What is needed ▸ Replicate the data exactly, every line included.

Records from a dataset ▸
────────────────

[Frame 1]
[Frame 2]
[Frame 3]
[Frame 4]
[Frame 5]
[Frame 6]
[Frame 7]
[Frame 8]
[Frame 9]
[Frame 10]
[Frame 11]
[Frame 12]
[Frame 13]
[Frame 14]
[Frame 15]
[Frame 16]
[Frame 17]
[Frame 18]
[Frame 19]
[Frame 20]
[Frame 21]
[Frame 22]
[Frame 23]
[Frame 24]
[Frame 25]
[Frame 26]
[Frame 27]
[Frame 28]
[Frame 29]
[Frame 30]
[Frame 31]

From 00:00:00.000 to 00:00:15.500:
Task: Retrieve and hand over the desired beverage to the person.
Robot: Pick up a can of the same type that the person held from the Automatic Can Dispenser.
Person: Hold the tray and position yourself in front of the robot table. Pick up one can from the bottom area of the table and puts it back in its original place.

────────────────

Exercise solution ▸
[Frame 1]
[Frame 2]
[Frame 3]
[Frame 4]
[Frame 5]
[Frame 6]
[Frame 7]
[Frame 8]
[Frame 9]
[Frame 10]
[Frame 11]
[Frame 12]
[Frame 13]
[Frame 14]
[Frame 15]
[Frame 16]
[Frame 17]
[Frame 18]
[Frame 19]
[Frame 20]
[Frame 21]
[Frame 22]
[Frame 23]
[Frame 24]
[Frame 25]
[Frame 26]
[Frame 27]
[Frame 28]
[Frame 29]
[Frame 30]
[Frame 31]

From 00:00:00.000 to 00:00:15.500:
Task: Retrieve and hand over the desired beverage to the person.
Robot: Pick up a can of the same type that the person held from the Automatic Can Dispenser.
Person: Hold the tray and position yourself in front of the robot table. Pick up one can from the bottom area of the table and puts it back in its original place.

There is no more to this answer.